Path: utzoo!attcan!utgpu!jarvis.csri.toronto.edu!mailrus!sharkey!itivax!dhw
From: dhw@itivax.iti.org (David H. West)
Newsgroups: comp.ai.neural-nets
Subject: Re: Back Propagation question... (follow up)
Message-ID: <1361@itivax.iti.org>
Date: 30 May 89 20:09:55 GMT
References: <226@cs.columbia.edu>
Reply-To: dhw@itivax.UUCP (David H. West)
Organization: Industrial Technology Institute
Lines: 24

In article <226@cs.columbia.edu> camargo@cs.columbia.edu (Francisco Camargo) writes:
]Hi there,
]| "dumping" (you mean "weighting") each change by 1/k, where k is the number
]| of the example (?) sounds really wierd, do you mean if you had four examples
]| in your training set changes from the fourth would be worth only a quarter
]| as much as changes from the second? surely you don't mean this!

]| tony plate

]My problem is that I can find any (theoretical) justification for the "online"
]method other that "Robins Monroe algorithm" (I may have misspelled his name, 
]for which I apologize, but I don't have my references near by).

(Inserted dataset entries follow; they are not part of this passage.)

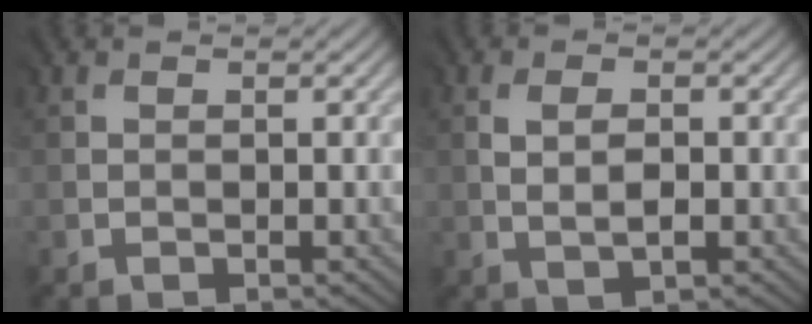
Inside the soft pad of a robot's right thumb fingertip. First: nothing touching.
{"total": 2.0, "force": [0.1, 0.9, 1.8], "torque": [-0.036, -0.001, 0.005]}
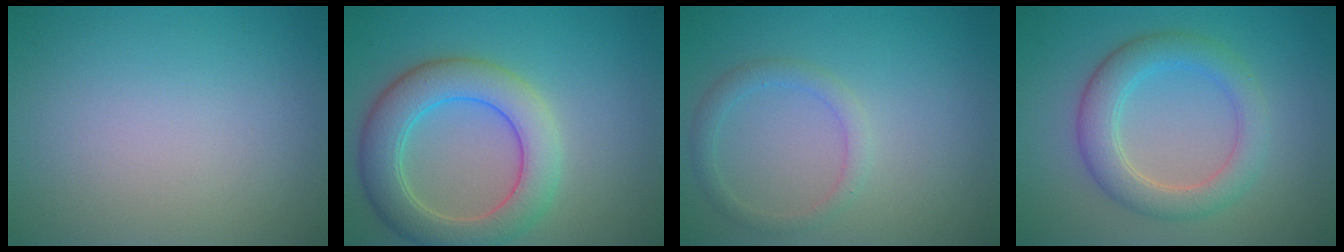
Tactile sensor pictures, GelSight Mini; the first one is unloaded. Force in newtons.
{"total": 6.6, "press": 6.6, "slide": 0.4}
{"total": 1.8, "press": 1.8, "slide": 0.1}
{"total": 4.5, "press": 4.5, "slide": 0.4}
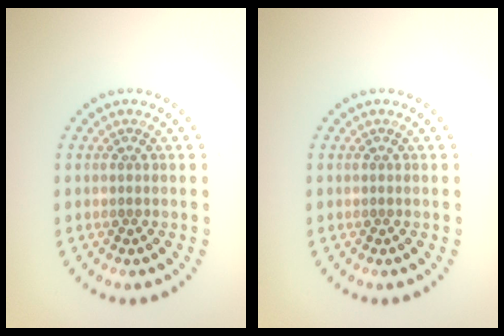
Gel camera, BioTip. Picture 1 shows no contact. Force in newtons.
{"total": 0.0}
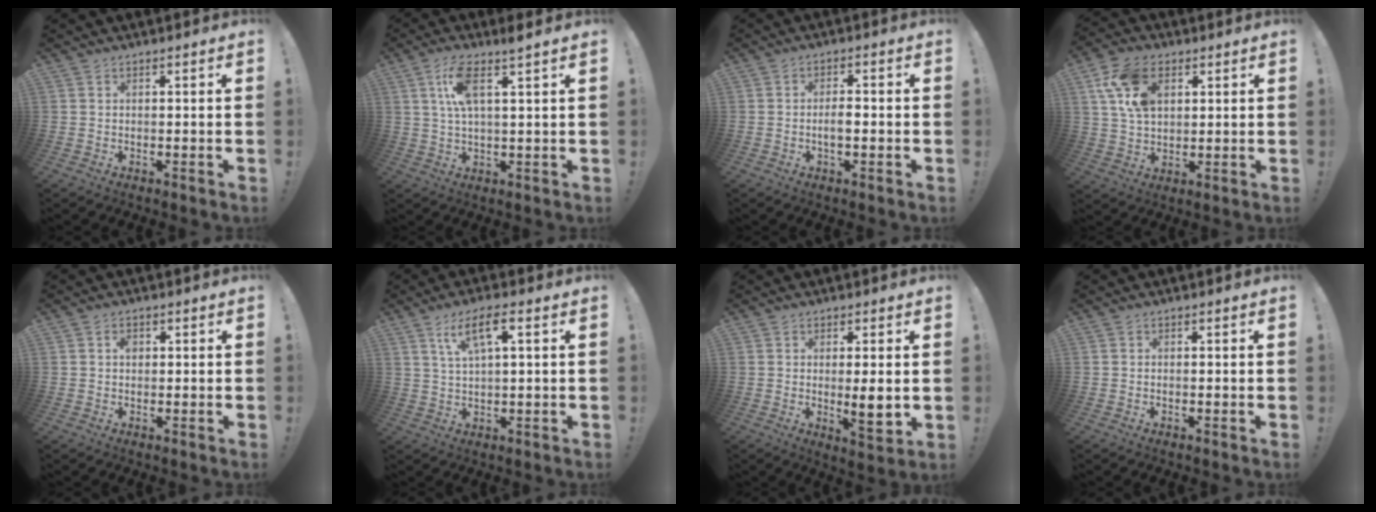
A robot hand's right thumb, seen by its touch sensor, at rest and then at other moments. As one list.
[{"total": 8.5, "force": [3.8, 1.4, 7.5], "torque": [-0.130, -0.009, 0.064]}, {"total": 3.8, "force": [-1.2, 1.3, 3.3], "torque": [-0.059, 0.004, -0.025]}, {"total": 13.4, "force": [5.2, 8.6, 8.8], "torque": [-0.172, 0.003, 0.101]}, {"total": 1.8, "force": [0.1, 1.5, 0.9], "torque": [-0.012, 0.003, -0.001]}, {"total": 7.8, "force": [3.2, 1.7, 7.0], "torque": [-0.127, 0.001, 0.054]}, {"total": 7.1, "force": [0.3, 1.4, 7.0], "torque": [-0.089, -0.015, 0.006]}, {"total": 0.0}]
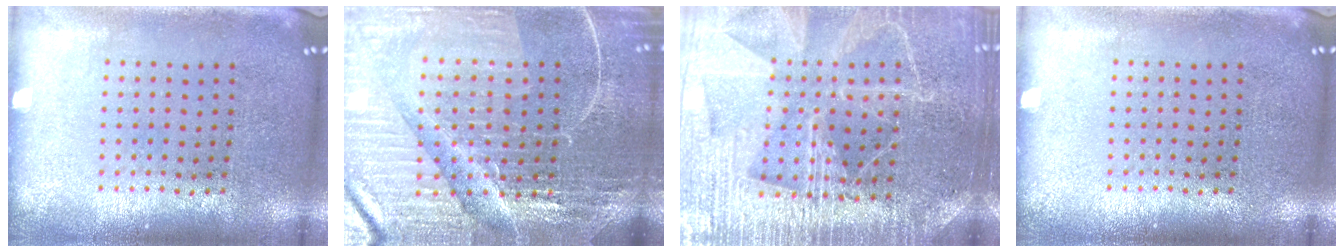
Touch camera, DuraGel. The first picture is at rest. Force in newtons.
{"total": 5.2, "press": 4.9, "slide": 1.8}
{"total": 4.5, "press": 4.2, "slide": 1.7}
{"total": 0.0}
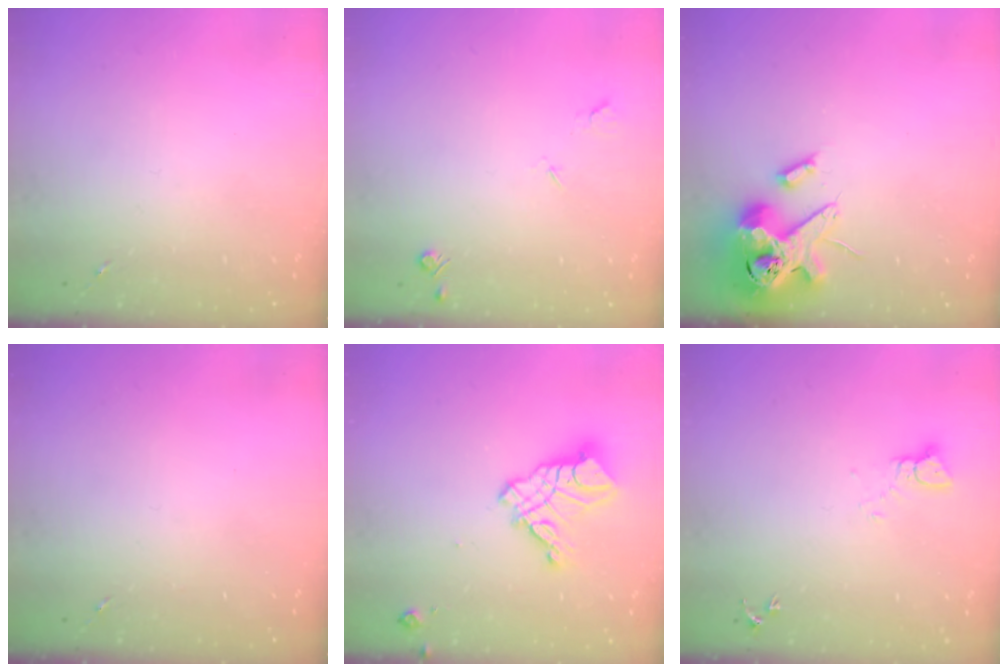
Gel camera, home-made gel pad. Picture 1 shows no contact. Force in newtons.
{"total": 4.6, "press": 4.5, "slide": 0.7}
{"total": 15.3, "press": 15.1, "slide": 2.6}
{"total": 0.0}
{"total": 13.1, "press": 13.0, "slide": 1.3}
{"total": 2.6, "press": 2.6, "slide": 0.1}
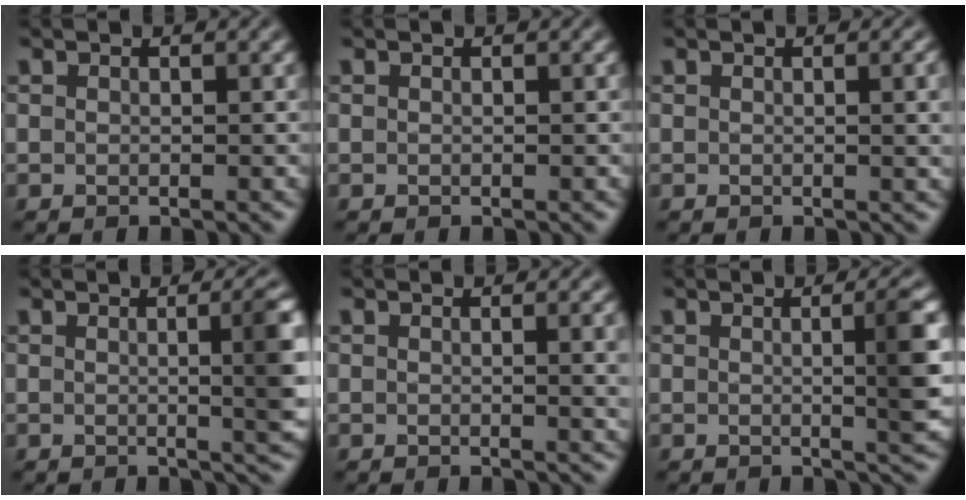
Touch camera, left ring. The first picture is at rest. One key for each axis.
{"total": 0.0}
{"total": 2.4, "fx": 0.2, "fy": 0.7, "fz": 2.3, "tx": -0.021, "ty": 0.003, "tz": -0.002}
{"total": 5.5, "fx": 0.2, "fy": 1.6, "fz": 5.2, "tx": -0.050, "ty": 0.004, "tz": 0.002}
{"total": 3.1, "fx": 0.2, "fy": 0.9, "fz": 2.9, "tx": -0.026, "ty": 0.002, "tz": -0.001}
{"total": 4.2, "fx": 0.2, "fy": 0.9, "fz": 4.1, "tx": -0.047, "ty": 0.002, "tz": -0.002}
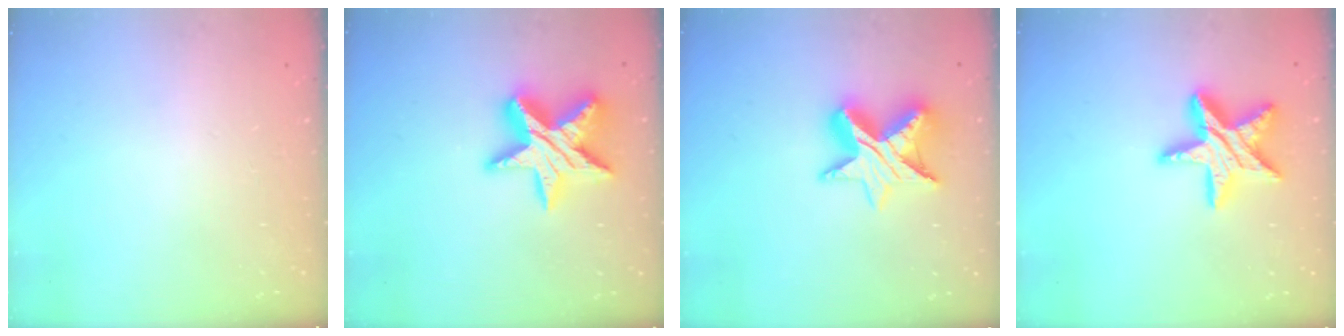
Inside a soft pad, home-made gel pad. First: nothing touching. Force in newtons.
{"total": 17.5, "press": 17.4, "slide": 1.4}
{"total": 11.4, "press": 11.4, "slide": 0.6}
{"total": 17.0, "press": 17.0, "slide": 1.3}
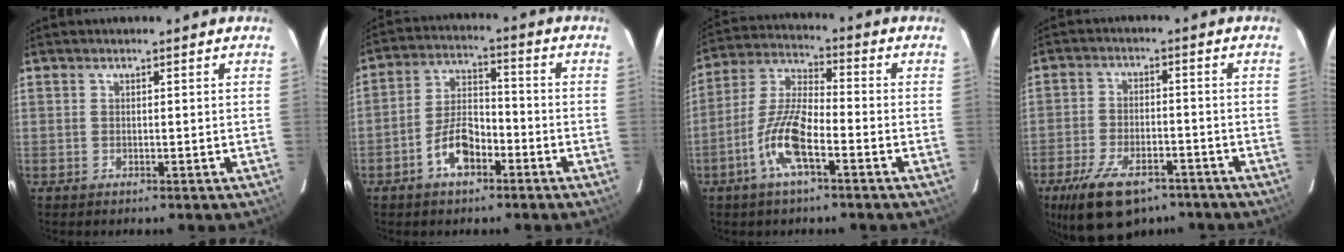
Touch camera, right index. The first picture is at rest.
{"total": 8.3, "force": [-4.5, 4.2, 5.5], "torque": [-0.112, 0.018, -0.076]}
{"total": 10.7, "force": [-5.0, 2.9, 9.0], "torque": [-0.195, 0.002, -0.103]}
{"total": 14.2, "force": [-9.4, 6.8, 8.2], "torque": [-0.180, -0.016, -0.158]}
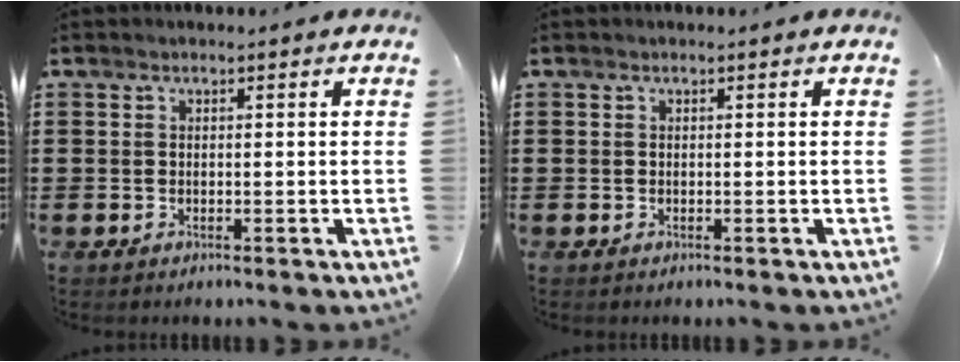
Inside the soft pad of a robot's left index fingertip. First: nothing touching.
{"total": 0.0}
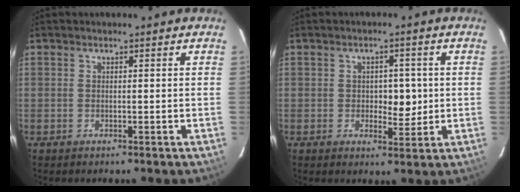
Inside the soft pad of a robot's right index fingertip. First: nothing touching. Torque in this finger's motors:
{"motor_torque": [0.09, 0.25, 0.02, 0.01]}
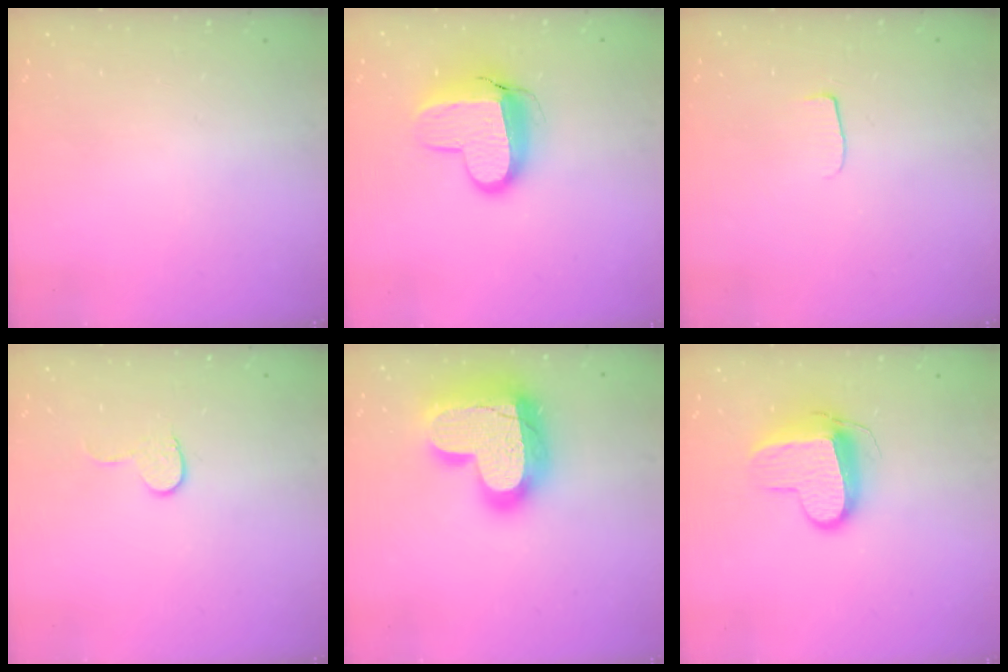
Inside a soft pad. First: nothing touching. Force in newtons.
{"total": 11.8, "press": 11.8, "slide": 1.2}
{"total": 5.1, "press": 5.0, "slide": 0.6}
{"total": 4.4, "press": 4.4, "slide": 0.4}
{"total": 26.4, "press": 26.3, "slide": 2.0}
{"total": 11.1, "press": 11.1, "slide": 0.4}
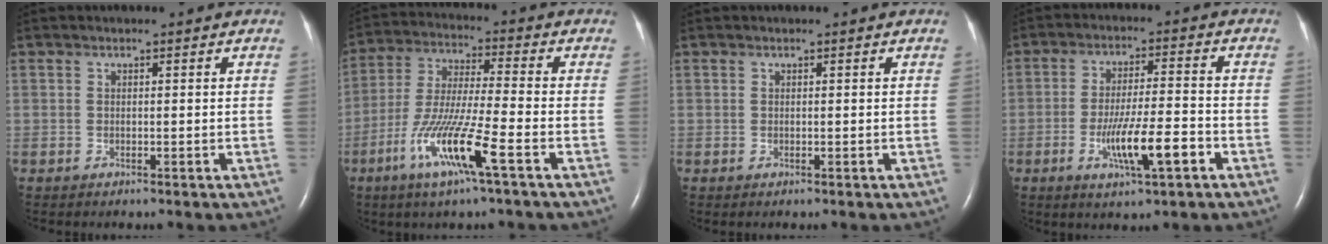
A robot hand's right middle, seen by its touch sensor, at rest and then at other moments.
{"total": 12.0, "force": [-5.6, 0.0, 10.6], "torque": [-0.218, -0.017, -0.110]}
{"total": 0.0}
{"total": 8.8, "force": [-3.6, 0.7, 8.0], "torque": [-0.146, -0.007, -0.059]}
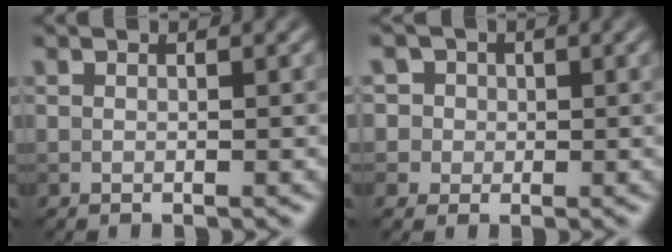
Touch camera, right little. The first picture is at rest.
{"total": 4.8, "force": [1.8, 4.2, 1.5], "torque": [-0.014, 0.025, 0.006]}
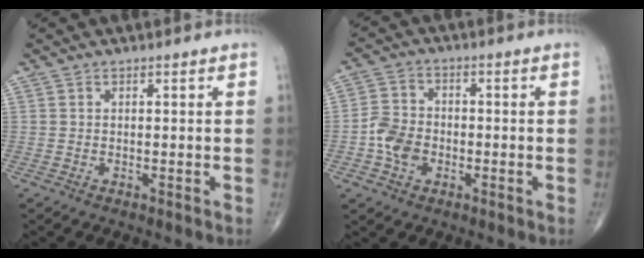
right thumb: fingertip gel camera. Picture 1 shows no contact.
{"total": 6.7, "force": [-2.0, 5.2, 3.8], "torque": [-0.059, 0.017, -0.043]}
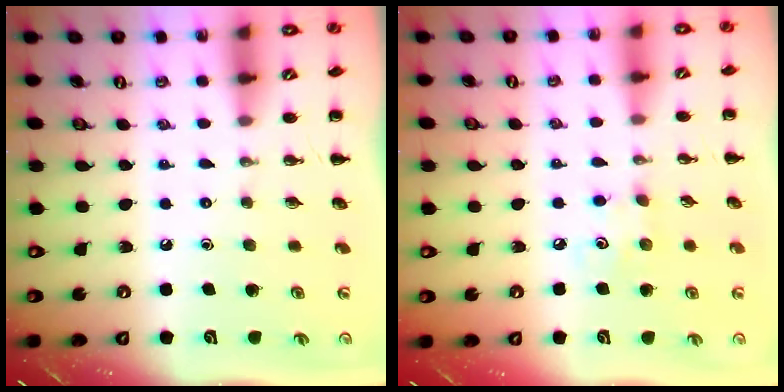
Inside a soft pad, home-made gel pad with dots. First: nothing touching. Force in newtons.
{"total": 4.2, "press": 4.1, "slide": 0.9}
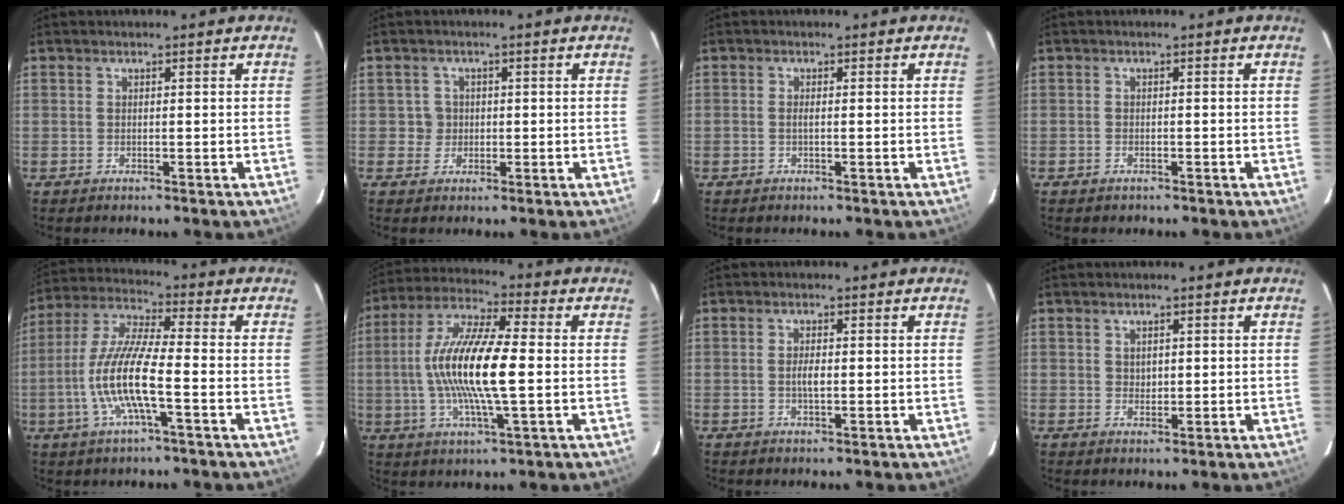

But then, the
]"dumping" factor is required for guaranteed convergence. I tried the "online"
]method and it does seem to perform better. But, WHY does it work ? How come it
]converges so well (despite of making {a_k}=1) ?

]/Kiko.
]camargo@cs.columbia.edu

It's related to an old statistical hack for calculating the change
in the mean of a set of observations when another is added.  That 
formula takes 2 or 3 lines of algebra to derive, on a bad day.

-David       dhw@itivax.iti.org